My newly named genre includes films like The Sixth Sense, Memento, Fight Club, Insomnia, and Suture — dark films with murderous hearts, presented with a twist, and often questioning the nature of reality or identity.

But in a genre that relies heavily on originality, The Machinist feels a little too derivative to get enthusiastic support.

Keep Your Arms Inside the Ride

Bale's ghostly figure haunts this copycat movie
Bale’s ghostly figure haunts this copycat movie

Christian Bale lost 60 pounds to play Trevor Reznick, a swing-shift machinist at some sort of metalworking plant. He hasn’t slept in a year, he says. He survives on coffee and pie — about one bite per day — and work.

A coworker loses part of an arm in one of the machines while Reznick was supposed to be helping him. Reznick was distracted by Ivan (John Sharian), one of the new guys, and the machine safeties failed. And although the safeties should have worked, Reznick’s coworkers blame him. He seeks out the guy who distracted him — a guy nobody else seems to recall.
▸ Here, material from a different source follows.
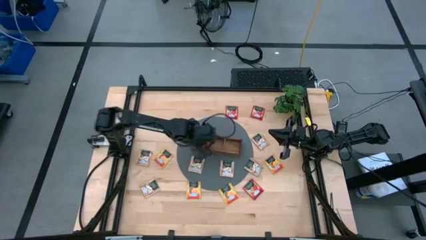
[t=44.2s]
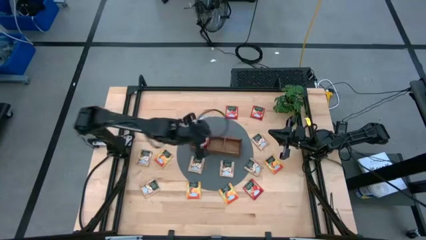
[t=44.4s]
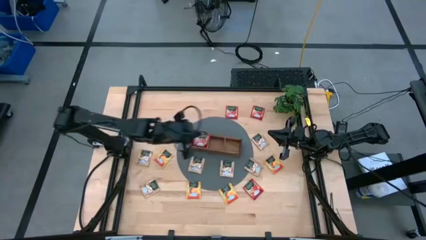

In a parallel story, Trevor starts a tentative relationship with the waitress at the airport bar where he gets his late-night coffee and pie. Marie (Aitana Sanchez-Gijon) has a son of about 11, whom Trevor takes on the “Route 666” ride at the carnival. The cheesy ride becomes more and more disturbing, as though designed to personally haunt Trevor (and reveal to us his mysterious past), ending with the boy convulsing in an epileptic fit. “I should have told you,” says Marie to our nervewracked protagonist. Just what he needed.

Been Down That Road Before

The movie has the requisite “twist” ending, although it’s not so much a twist as a revelation, like a murder mystery. I won’t say more, except to say that it satisfied me about as much as the rest of the film did: good, but not great.

The trouble is that The Machinist feels like a frankenstein of other films. Insomnia lends Trevor his sleeplessness. The Sixth Sense and Fight Club provide the mysterious man at work that only Trevor remembers. Memento gives the film its dark palette and foggy ending.

Bale’s amazing, sunken, skeletal physique will keep your eyes glued to the screen, and it probably does make The Machinist better than it would have been otherwise. But an amazing sacrifice by an actor is no substitute and no fix for an average screenplay.

That’s not to say that the screenplay is bad. It’s just that it’s been done, and it doesn’t really offer much to say on the human condition that hasn’t been said. Grief, shame, and regret darken and drive the film, but a better meditation on the subject is Spring, Summer, Autumn, Winter, ... and Spring.

The Machinist is worth a look for Bale’s amazing transformation. And it’s not a bad little movie. But it’s not the must-see sleeper hit that it hoped it would be. As for my new genre, The Machinist is only a copy, and not part of the blueprint.